Exosomal microRNA-16-5p from macrophage exacerbates atherosclerosis via modulating mothers against decapentaplegic homolog 7

Studies have probed the function of microRNA (miR)-16-5p in the progression of atherosclerosis (AS), while the regulatory function of exosomal miR-16-5p from macrophage on AS remains largely unknown. This study commits to exploring the efficiency of exosomal miR-16-5p from macrophage on AS via modulating mothers against decapentaplegic homolog 7 (SMAD7). Macrophages were cultured and transfected with miR-16-5p antagomir, then, the exosomes from macrophages were extracted. The AS mouse model was established, and miR-16-5p or SMAD7 expression in AS mice was detected.
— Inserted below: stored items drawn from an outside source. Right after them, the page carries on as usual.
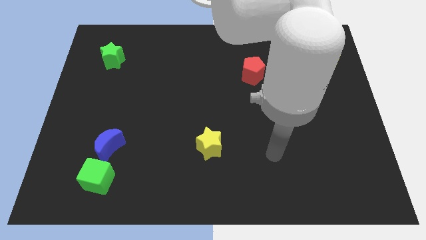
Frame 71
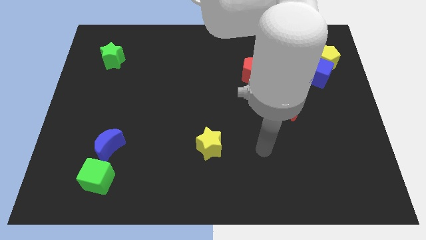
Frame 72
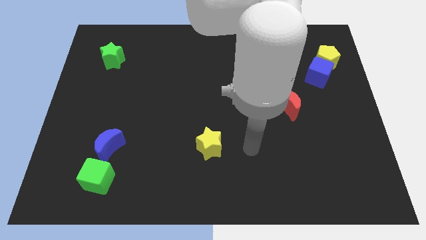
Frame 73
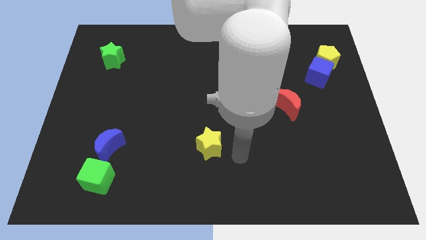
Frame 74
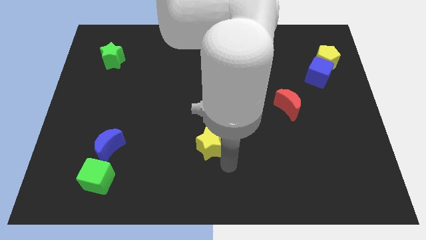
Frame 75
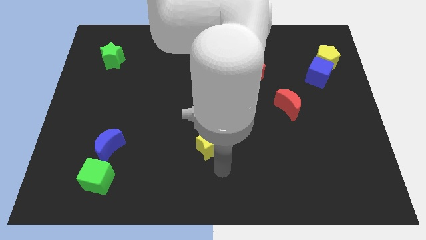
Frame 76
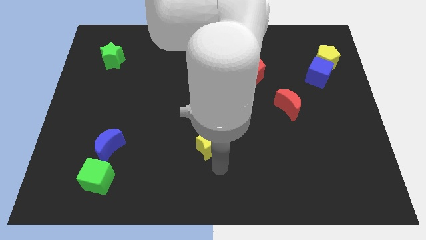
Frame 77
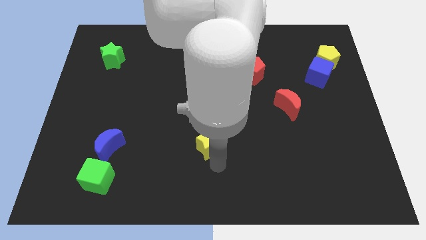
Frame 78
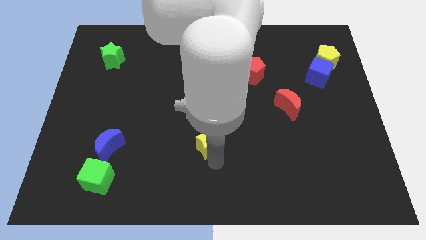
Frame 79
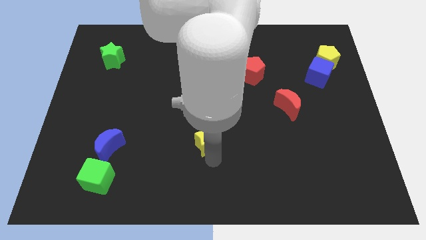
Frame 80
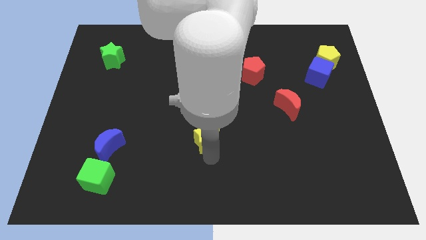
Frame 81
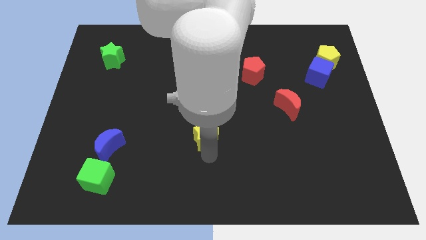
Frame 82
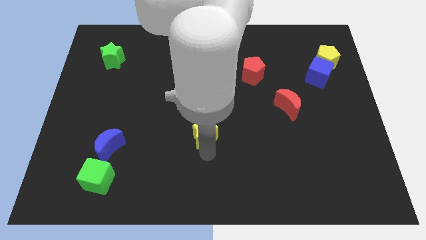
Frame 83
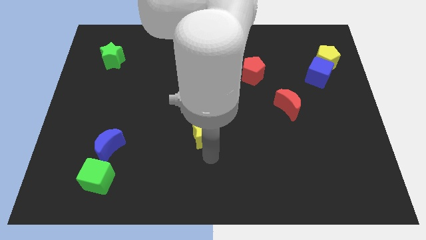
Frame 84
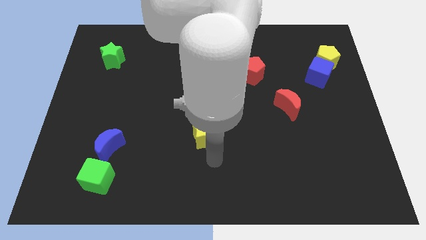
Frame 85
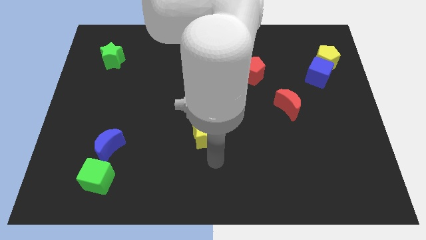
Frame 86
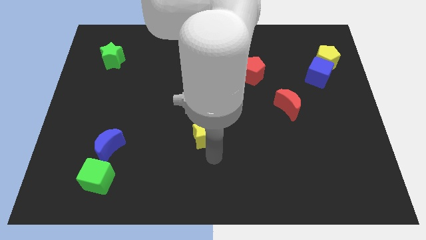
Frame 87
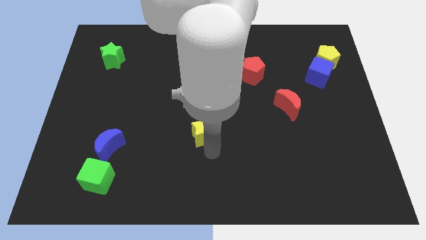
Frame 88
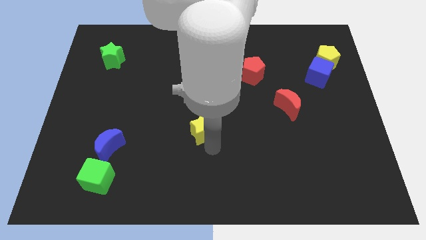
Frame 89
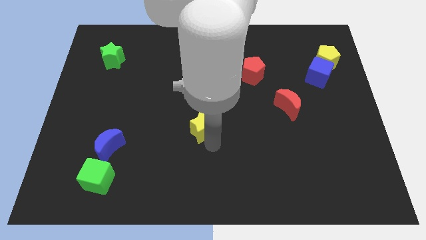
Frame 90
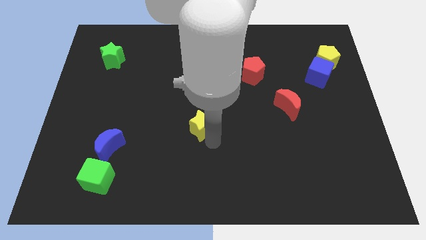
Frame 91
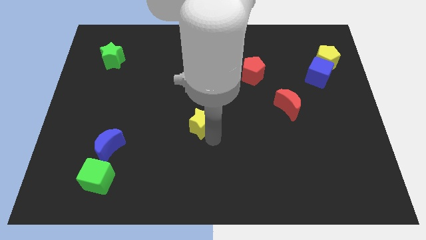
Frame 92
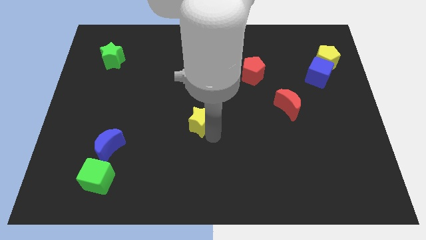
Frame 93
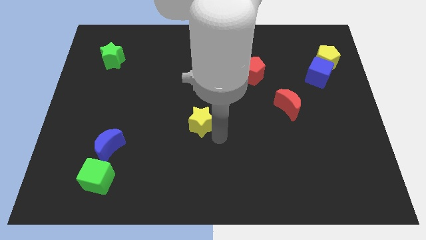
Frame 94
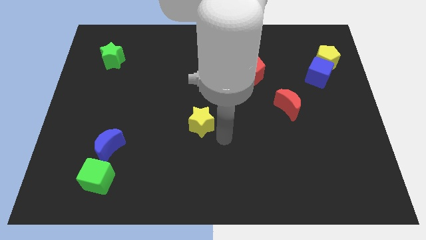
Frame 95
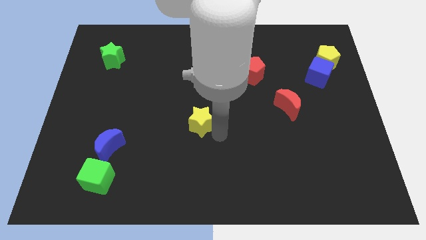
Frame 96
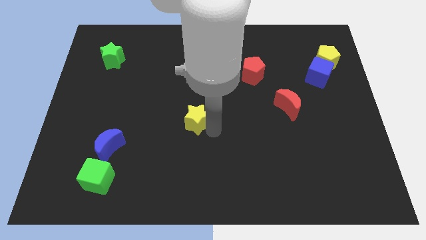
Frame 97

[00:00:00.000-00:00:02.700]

Thereafter, the effects of macrophage-derived exosomes, miR-16-5p or SMAD7 on serum inflammatory response, oxidative stress response, pathological changes and apoptosis in AS mice were observed by immunohistochemical and biochemical analysis. Finally, the binding relation between miR-16-5p and SMAD7 was examined. MiR-16-5p was elevated while SMAD7 was depleted in AS mice. Macrophage-derived exosomes aggravated AS progression via facilitating inflammatory response and oxidative stress, exacerbating pathological changes and increasing cell apoptosis in AS mice; while downregulation of miR-16-5p reversed the exacerbation of AS progression by macrophage-derived exosomes in AS mice. MiR-16-5p targeted SMAD7, and the down-regulated SMAD7 reversed the impacts of depleted miR-16-5p on AS progression. Exosomal miR-16-5p from macrophages aggravates AS progression via downregulating SMAD7 expression. This study provides novel therapeutic targets for AS treatment from the animal level. •Macrophage-derived exosomes aggravate AS progression.•MiR-16-5p is up-regulated while SMAD7 is down-regulated in AS mice.•Silencing miR-16-5p or elevated SMAD7 improves AS progression.•SMAD7 deletion reverses the ameliorative effect of reduced miR-16-5p on AS development.•Decreased exosomal miR-16-5p from macrophage relieves AS via targeting SMAD7.